[Prompt]:
Quote all lines below exactly. Images stay out.

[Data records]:
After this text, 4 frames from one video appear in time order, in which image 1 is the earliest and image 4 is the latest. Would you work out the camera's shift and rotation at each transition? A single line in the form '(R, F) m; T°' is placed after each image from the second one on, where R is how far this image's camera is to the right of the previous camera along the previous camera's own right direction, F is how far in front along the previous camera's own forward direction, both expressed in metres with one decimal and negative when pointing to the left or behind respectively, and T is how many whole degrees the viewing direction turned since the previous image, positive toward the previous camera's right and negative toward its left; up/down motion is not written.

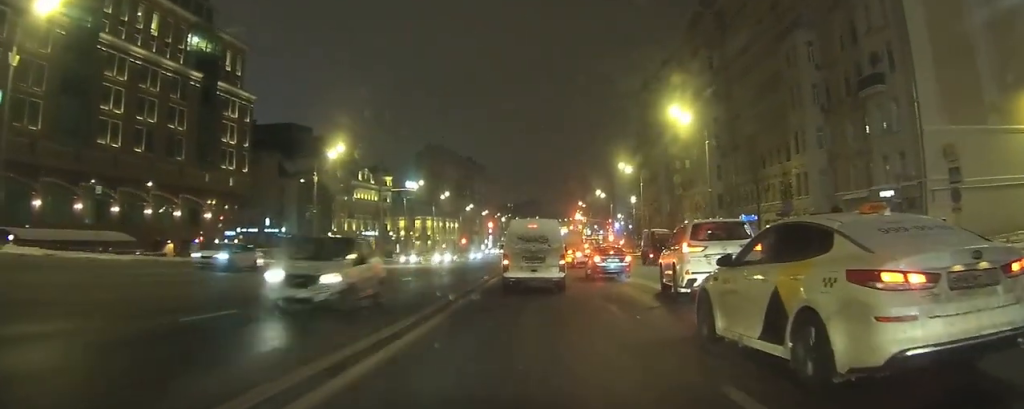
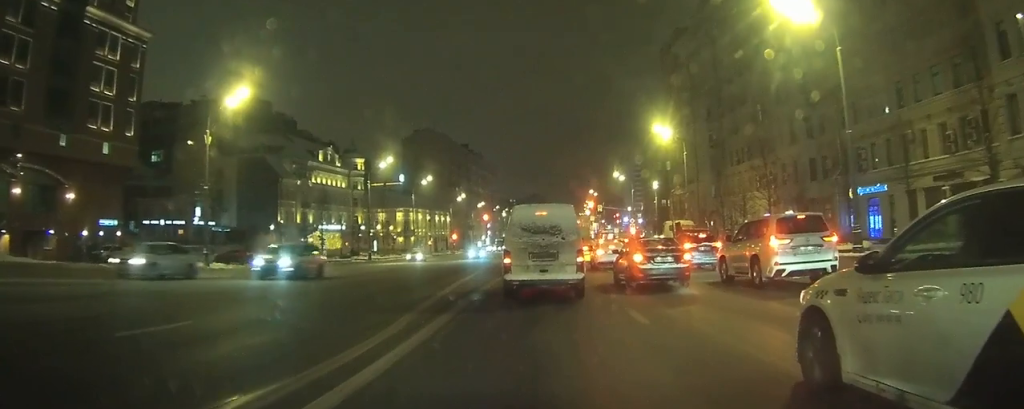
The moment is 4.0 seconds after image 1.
(+0.6, +19.8) m; -2°
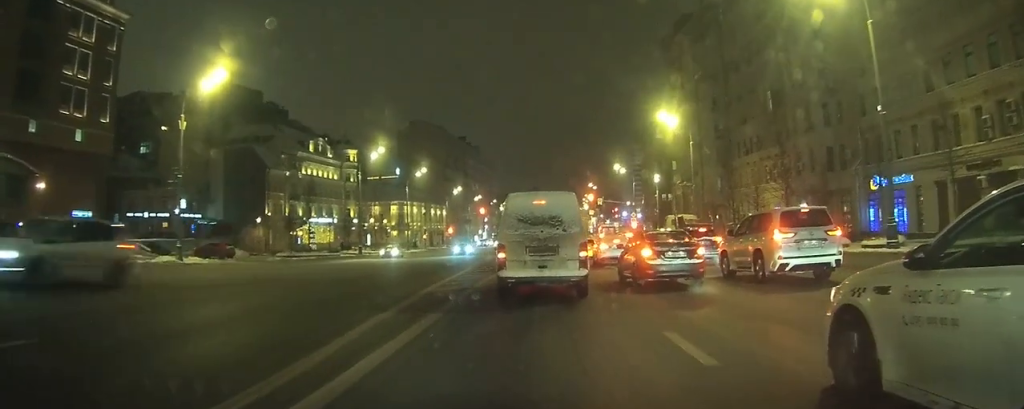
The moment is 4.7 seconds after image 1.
(-0.1, +3.3) m; -3°
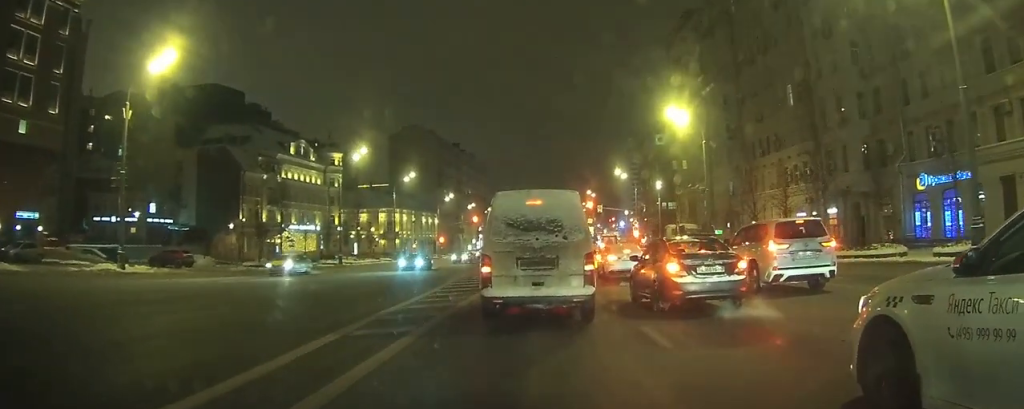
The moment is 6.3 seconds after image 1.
(-0.2, +6.8) m; 0°

[Solution to this task]:
After this text, 4 frames from one video appear in time order, in which image 1 is the earliest and image 4 is the latest. Would you work out the camera's shift and rotation at each transition? A single line in the form '(R, F) m; T°' is placed after each image from the second one on, where R is how far this image's camera is to the right of the previous camera along the previous camera's own right direction, F is how far in front along the previous camera's own forward direction, both expressed in metres with one decimal and negative when pointing to the left or behind respectively, and T is how many whole degrees the viewing direction turned since the previous image, positive toward the previous camera's right and negative toward its left; up/down motion is not written.

The moment is 4.0 seconds after image 1.
(+0.6, +19.8) m; -2°
The moment is 4.7 seconds after image 1.
(-0.1, +3.3) m; -3°
The moment is 6.3 seconds after image 1.
(-0.2, +6.8) m; 0°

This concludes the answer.